Records excerpted from a collection
☆ ☆ ☆ ☆ ☆ ☆ ☆
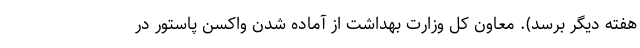
هفته دیگر برسد). معاون کل وزارت بهداشت از آماده شدن واکسن پاستور در
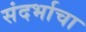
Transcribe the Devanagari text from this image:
संदर्भाचा
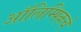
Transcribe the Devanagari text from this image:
आॅलिम्पिकचे
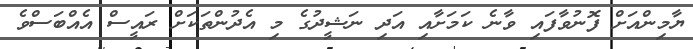
ޔާމިންއަށް ފޮނުވާފައި ވާނެ ކަމަށާއި އަދި ނަޝީދުގެ މި އެދުންތަކަށް ރައީސް އެއްބަސްވެ
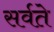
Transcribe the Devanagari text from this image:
सर्वते
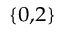
_ { \{ 0 , 2 \} }
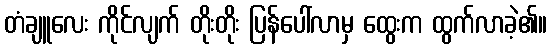
တံချူလေး ကိုင်လျက် တိုးတိုး ပြန်ပေါ်လာမှ ထွေးက ထွက်လာခဲ့၏။
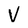
Character: v
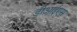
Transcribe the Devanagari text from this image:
डीआईएस
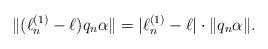
LaTeX: \begin{align*}\|(\ell_n^{(1)}-\ell)q_n\alpha\|=|\ell_n^{(1)}-\ell|\cdot \|q_n\alpha\|.\end{align*}
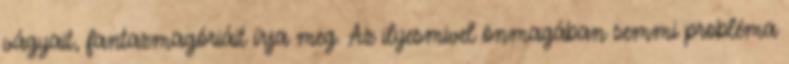
vágyait, fantazmagóriáit írja meg. Az ilyesmivel önmagában semmi probléma
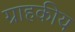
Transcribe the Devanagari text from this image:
ग्राहकीय
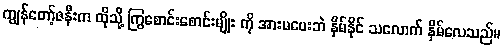
ကျွန်တော့်ဇနီးက ထိုသို့ ကြွစောင်းစောင်းမျိုး ကို အားမပေးဘဲ နှိမ်နိုင် သလောက် နှိမ်လေသည်။
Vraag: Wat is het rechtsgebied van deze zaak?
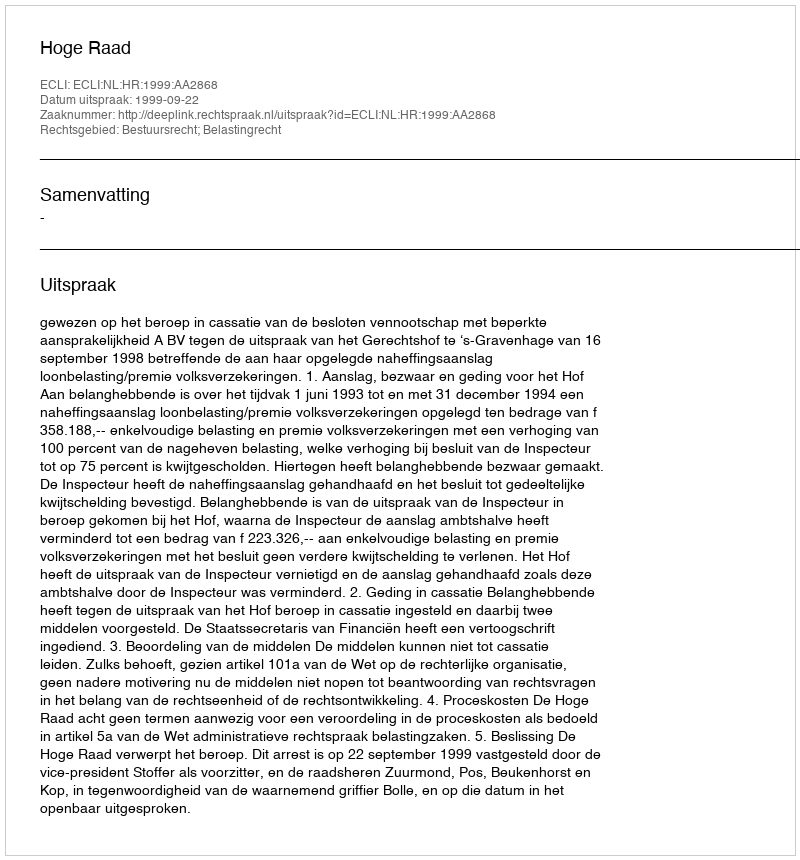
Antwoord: Bestuursrecht; Belastingrecht
☆ ☆ ☆ ☆ ☆ ☆ ☆
- _WHAT THE EXERCISE ASKS_: The copy should hold exactly the lines from the line containing "Vraag: Wat is het rechtsgebied van deze zaak?" through the end of the data, both ends included, and no pictures.

- _SOLUTION TO THIS PROBLEM_:
Vraag: Wat is het rechtsgebied van deze zaak?
Antwoord: Bestuursrecht; Belastingrecht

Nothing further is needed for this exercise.